ABA’s Keating: CFPB rules have unintended consequences on Latinos

Frank Keating

Frank Keating

Frank Keating, the president and CEO of the American Bankers Association, said new CFPB regulations on mortgages have disproportionately affected the Latino community, making it difficult for them to obtain a mortgage.

“The new rules are well-intentioned,” Keating said, according to The Huffington Post. “In an effort to protect borrowers, they have very strict requirements, requiring a lender to thoroughly document a customer’s ability to repay the loan. Unfortunately, the way these rules have been implemented has left many bankers in hazy territory.
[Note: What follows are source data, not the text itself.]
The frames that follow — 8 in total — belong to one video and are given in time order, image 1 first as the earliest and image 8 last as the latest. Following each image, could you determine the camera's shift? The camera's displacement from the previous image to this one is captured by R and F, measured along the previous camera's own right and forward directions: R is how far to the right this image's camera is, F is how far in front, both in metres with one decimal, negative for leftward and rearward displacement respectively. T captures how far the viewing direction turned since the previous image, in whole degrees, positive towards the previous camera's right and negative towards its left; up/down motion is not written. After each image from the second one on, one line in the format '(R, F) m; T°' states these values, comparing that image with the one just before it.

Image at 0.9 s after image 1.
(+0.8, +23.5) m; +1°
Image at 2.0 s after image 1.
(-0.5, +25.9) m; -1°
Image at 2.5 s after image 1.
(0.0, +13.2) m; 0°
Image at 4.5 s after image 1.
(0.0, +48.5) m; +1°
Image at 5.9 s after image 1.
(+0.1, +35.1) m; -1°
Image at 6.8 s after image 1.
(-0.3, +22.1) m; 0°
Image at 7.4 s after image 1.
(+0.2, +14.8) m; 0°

They have created a lot of uncertainty about what happens if a lender makes a loan outside of a narrow set of boundaries, and the uncertainty makes it harder for potential customers.”

Keating said it may be harder for Latinos, many of whom are more likely to work seasonal jobs or be self-employed, to prove their income in the way regulations now require.
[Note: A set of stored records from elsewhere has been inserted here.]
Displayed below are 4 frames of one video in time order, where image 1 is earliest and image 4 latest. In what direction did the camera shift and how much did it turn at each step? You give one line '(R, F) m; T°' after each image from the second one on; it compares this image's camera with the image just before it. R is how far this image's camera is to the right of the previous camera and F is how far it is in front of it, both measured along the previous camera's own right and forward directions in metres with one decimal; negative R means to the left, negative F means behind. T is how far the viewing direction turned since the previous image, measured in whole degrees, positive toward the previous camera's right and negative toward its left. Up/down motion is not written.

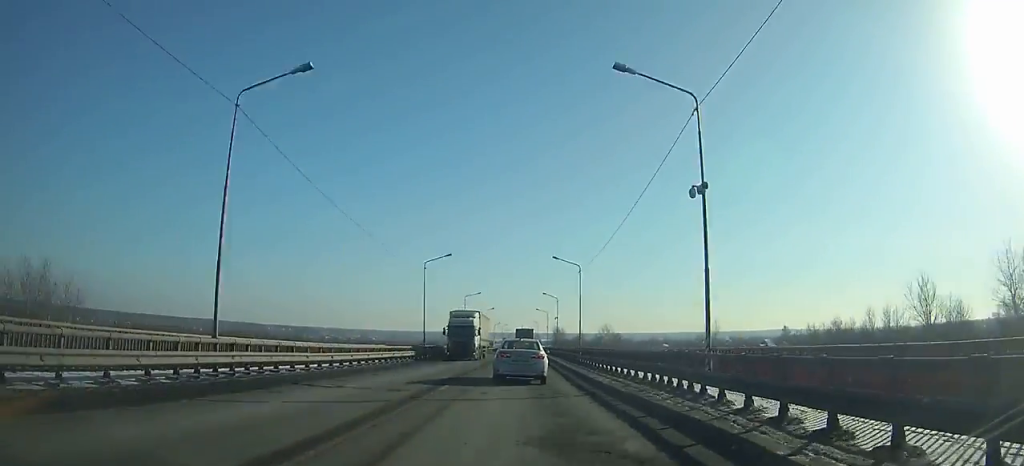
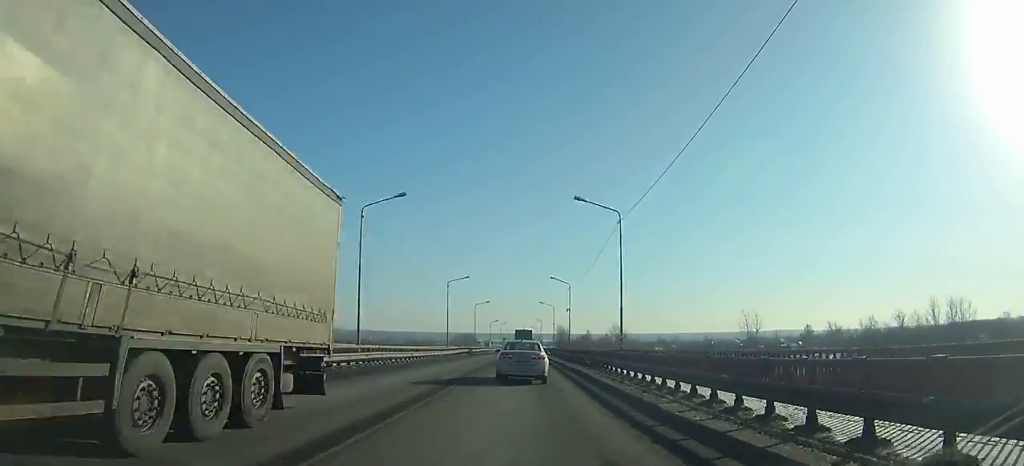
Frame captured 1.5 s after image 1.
(-0.1, +25.1) m; 0°
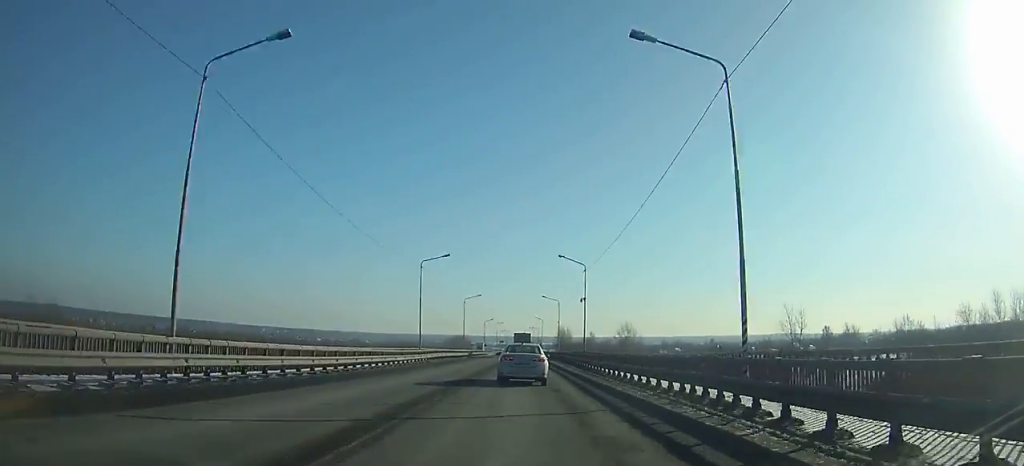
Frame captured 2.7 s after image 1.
(-0.1, +20.1) m; 0°
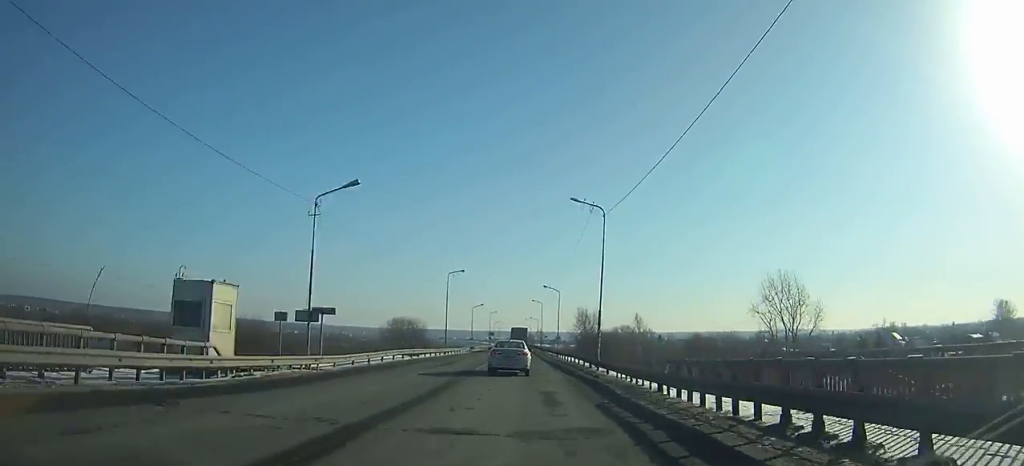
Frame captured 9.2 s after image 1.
(+0.5, +112.1) m; 0°

He also said Latinos are more likely to share housing or rent out rooms to help meet housing costs. Rental income, however, cannot be counted towards determining a borrower’s ability to repay.
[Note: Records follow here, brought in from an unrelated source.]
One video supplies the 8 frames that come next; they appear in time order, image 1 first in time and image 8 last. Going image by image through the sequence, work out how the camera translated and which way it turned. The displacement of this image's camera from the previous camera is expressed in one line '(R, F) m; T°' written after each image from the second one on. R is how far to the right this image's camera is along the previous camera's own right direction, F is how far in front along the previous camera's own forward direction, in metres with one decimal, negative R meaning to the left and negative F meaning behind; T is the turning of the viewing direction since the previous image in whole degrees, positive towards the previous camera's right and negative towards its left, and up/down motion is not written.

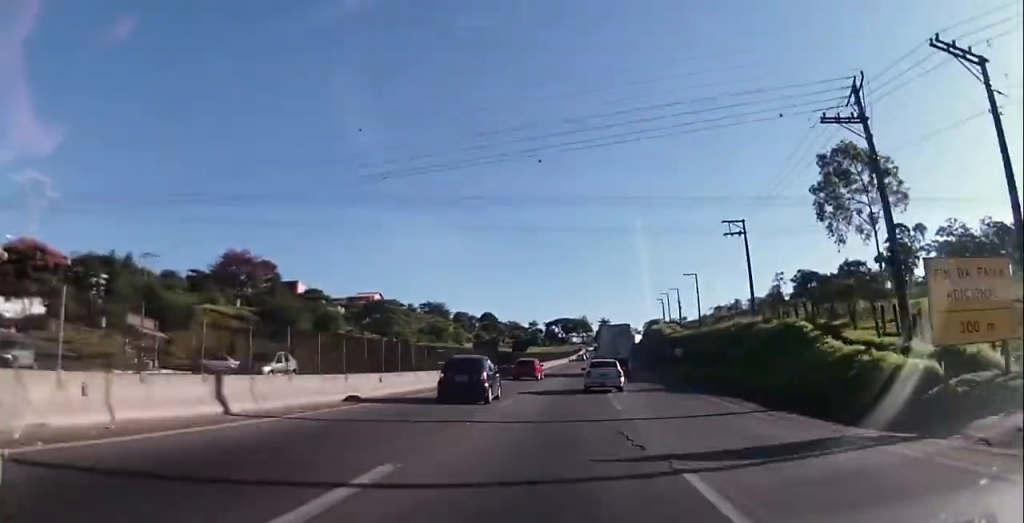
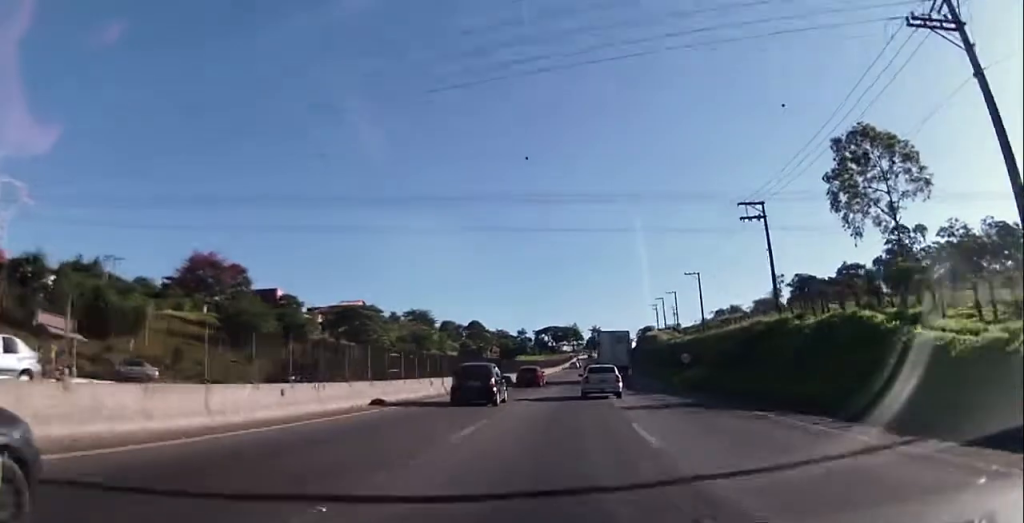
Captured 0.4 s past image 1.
(+0.2, +8.6) m; +1°
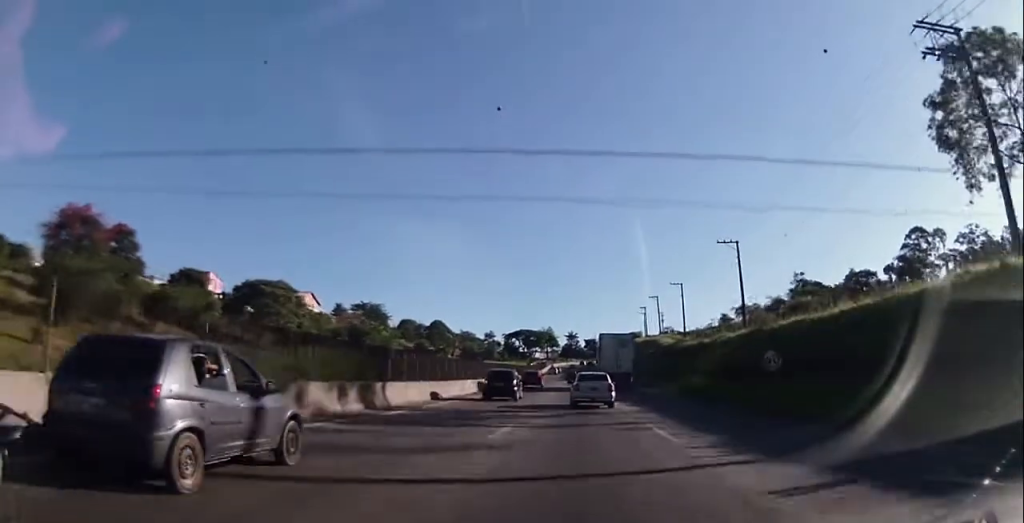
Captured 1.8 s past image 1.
(+0.8, +29.2) m; +3°
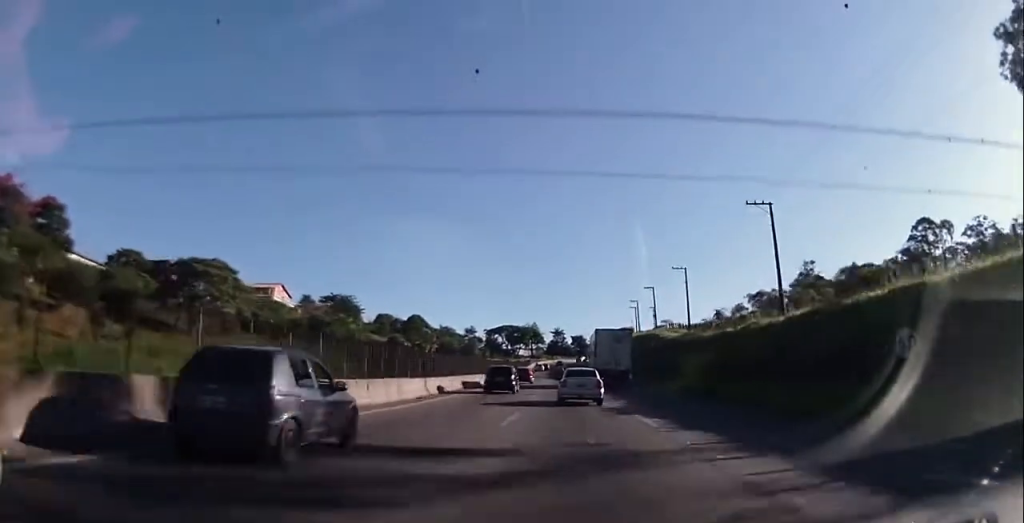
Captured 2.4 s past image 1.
(+0.2, +13.4) m; +1°
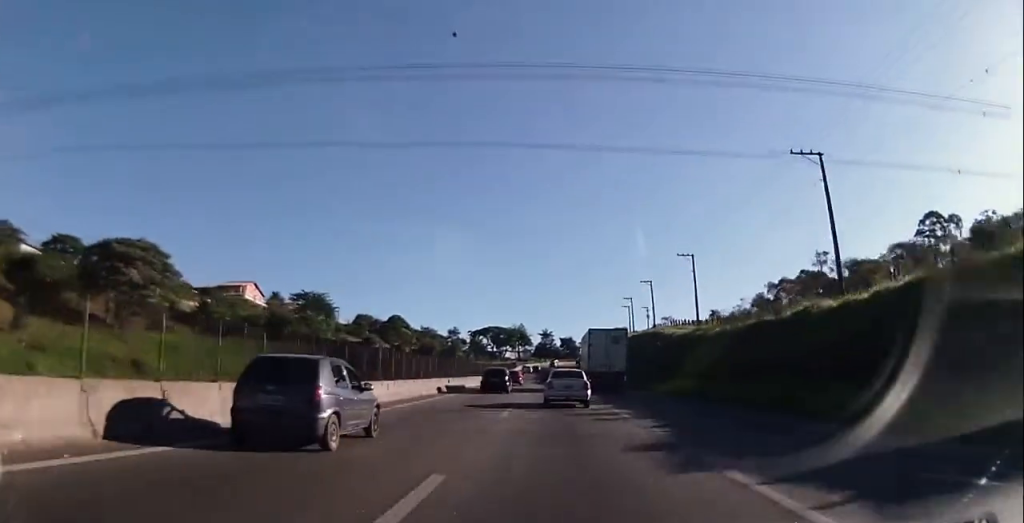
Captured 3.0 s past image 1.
(+0.1, +11.9) m; +1°
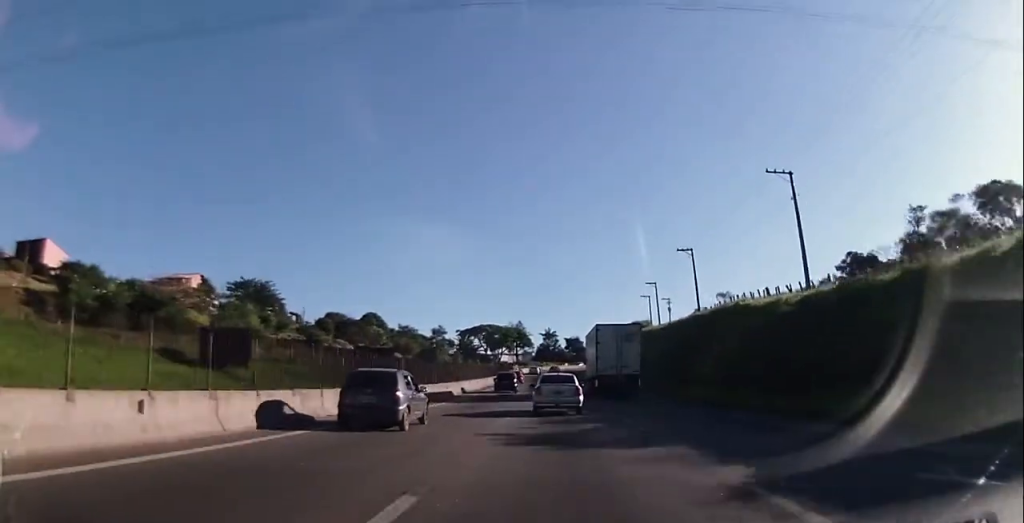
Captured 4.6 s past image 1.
(0.0, +33.1) m; 0°
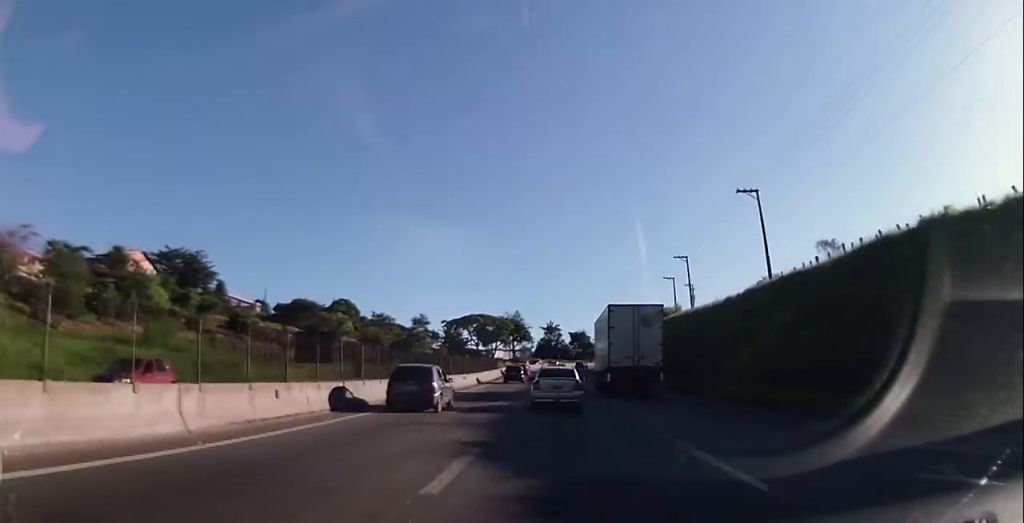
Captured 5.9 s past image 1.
(+0.3, +27.0) m; 0°
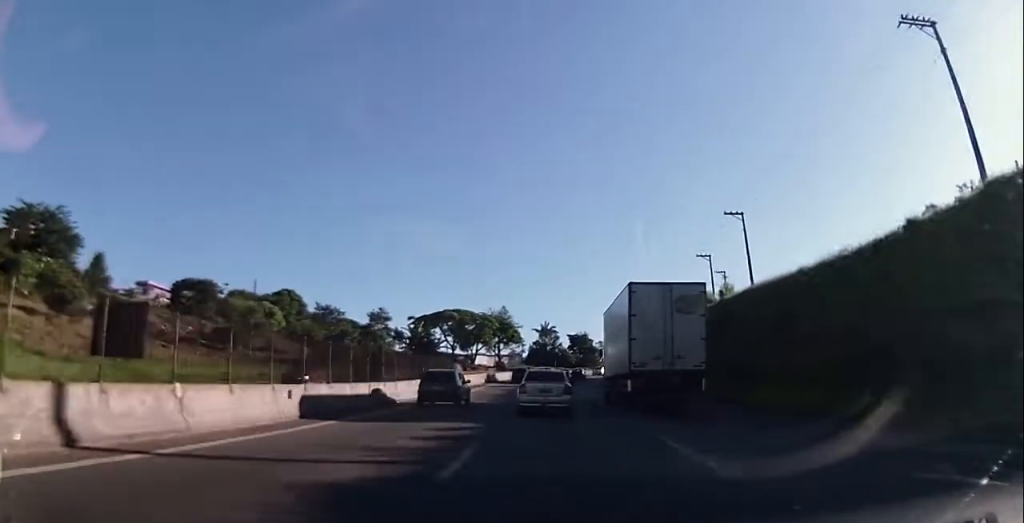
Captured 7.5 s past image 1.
(+0.5, +31.5) m; +1°

“We know no one intended to crimp mortgage credit for the Latino community,” Keating said, The Huffington Post reports. “But that’s what we are observing, and only Congress and the regulators can undo these unintended consequences. Nobody should stand in the way of creditworthy Latino homebuyers.”

A number of new CFPB mortgage regulations recently took effect, including the qualified mortgage and ability-to-repay rule, which would require lenders to determine whether a borrower can repay a loan before it is issued.